- Battle of In-Delimane: Part of the Malian Civil War
| Date | 16 November 2012 |
| Location | Between Ansongo and Ménaka, Mali |
| Result | Islamist victory |

Belligerents
- Azawad MNLA;: Islamists MOJWA; AQIM;

Commanders and leaders
- Machkanani Ag Balla Moulay Ag Sidi Molla: Mokhtar Belmokhtar Omar Ould Hamaha Abu Walid Sahraoui Abu Dardar † Abdoul Hakim

Strength
- 500 men: 500–1,000 men

Casualties and losses
- 1 killed 4 wounded (according to the MNLA) 100 killed 20 captured (according to MUJAO): 3 killed 6 wounded (according to MUJAO) 65 killed (according to the MNLA) 17 killed (according to the ICRC)
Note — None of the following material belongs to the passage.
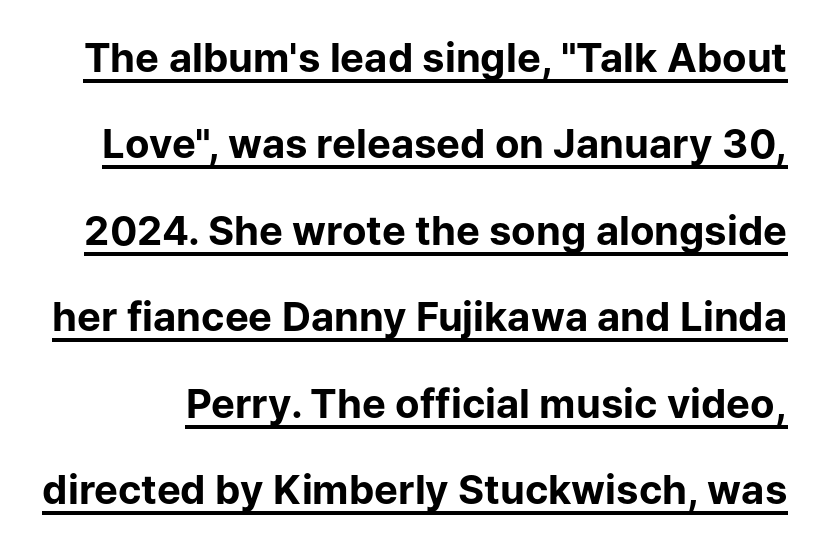
Successive baselines arrive slowly, with a big drop between each. Students, note that the glyphs here touch the page at normal intervals. Is this a sans? Yes — the strokes have no serifs. Strokes here are thick enough to call this a true bold. Character widths vary here, with narrow letters taking less room than wide ones.

= Battle of In-Delimane (2012) =

The Battle of Idelimane took place during the Internal Conflict in Azawad.

==The battle==
On November 16, MNLA forces launched an offensive to retake the city of Gao, but they came up against the Islamists forces of MUJAO and AQIM between Ansongo and Gao. On the morning of the first day, Tuareg independence forces were successful in the Ambush of Tagarangabotte 50 kilometers east of Ansongo. However, the Islamist offensive was not stopped. According to a security source from Burkina Faso, the same day MUJAO attack elements of the MNLA in the village of Idelimane 80 kilometers from Ménaka, the last bastion of the MNLA. According to the same source, "The Mujao has taken a lot of prisoners and taken two vehicles, there have been deaths."

According to the Malian newspaper Le Combat, MUJAO's forces were made up of the Osama bin Laden brigade led by Abu Walid Sahraoui and reinforced by 300 AQIM fighters, including the Mokhtar's Al-Mouthalimin brigade (the turbaned ones). Belmokhtar brought 16 pickups, many equipped with heavy artillery. For its part, the MNLA claims to have clashed with 1,000 jihadists. Xinhua News Agency sources also stated the battle was being fought 80 kilometers from Ménaka and 70 kilometers from Ansongo.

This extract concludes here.